Determination of the Thermal Component of the Flow Stress in Commercial Alpha and (Alpha+Beta) Titanium Alloys Using Strain Rate Cycling Tests

Abstract

Single strain rate cycling tests were performed for commercial Ti-4Al, Ti-5Al-2.5Sn, Ti-6Al-4V and Ti-5Al-2Cr-1Fe alloys over the temperature range of 77 to 700^°K. The effects of grain size and strain on the parameter m which was obtained directly from the tests were eliminated by employing the double extrapolation technique to yield m_a^*. m_a^* thus obtained for substitutional alloys still includes the effect of substitutional solute atoms on the athermal component as given by (m_a^*⁄β=σ^*+σ_μ(C_s), so that the thermal component in substitutional alloys cannot be obtained simply by double extrapolations of m as in alpha titanium which contains only interstitial solute atoms. However, a comparison of the data for alpha titanium which contains no substitituional solute atom but the same interstitial solute content as the present Ti-4Al with those for Ti-4Al led to the conclusion that substitutional solute atoms do not influence the temperature dependence of the athermal component in the temperature range studied. σ_μ(C_s) was then determined at the temperature T₀ where the (m_a^*⁄β)−T curve exhibited the inflection point.

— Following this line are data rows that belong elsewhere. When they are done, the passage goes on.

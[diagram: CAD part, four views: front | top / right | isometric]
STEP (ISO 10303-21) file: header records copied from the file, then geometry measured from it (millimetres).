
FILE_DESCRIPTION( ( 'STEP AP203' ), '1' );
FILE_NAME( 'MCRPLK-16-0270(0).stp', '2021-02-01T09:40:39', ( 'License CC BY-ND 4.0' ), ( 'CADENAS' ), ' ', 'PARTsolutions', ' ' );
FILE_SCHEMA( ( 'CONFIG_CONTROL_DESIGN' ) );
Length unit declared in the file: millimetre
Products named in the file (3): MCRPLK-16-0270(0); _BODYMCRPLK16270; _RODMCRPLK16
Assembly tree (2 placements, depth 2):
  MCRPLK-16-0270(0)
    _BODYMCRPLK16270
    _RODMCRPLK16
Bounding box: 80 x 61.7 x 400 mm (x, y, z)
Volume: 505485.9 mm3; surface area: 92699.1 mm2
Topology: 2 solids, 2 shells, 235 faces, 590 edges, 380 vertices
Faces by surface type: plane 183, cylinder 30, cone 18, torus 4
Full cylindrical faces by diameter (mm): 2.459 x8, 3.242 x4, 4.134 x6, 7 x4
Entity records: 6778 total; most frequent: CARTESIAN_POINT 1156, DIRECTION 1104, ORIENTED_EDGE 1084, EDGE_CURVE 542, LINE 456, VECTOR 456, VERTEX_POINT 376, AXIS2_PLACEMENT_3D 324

The thermal component in substitutional alloy σ^*(m_a^*) which was estimated by subtracting [σ_μ(C_s)]_T0 from (m_a^*⁄β) was in good accord with that estimated by using the conventional back extrapolation technique, and it is concluded that the double extrapolation technique can be applicable even to substitutional alloys whose temperature dependence of Young’s moduli is not known.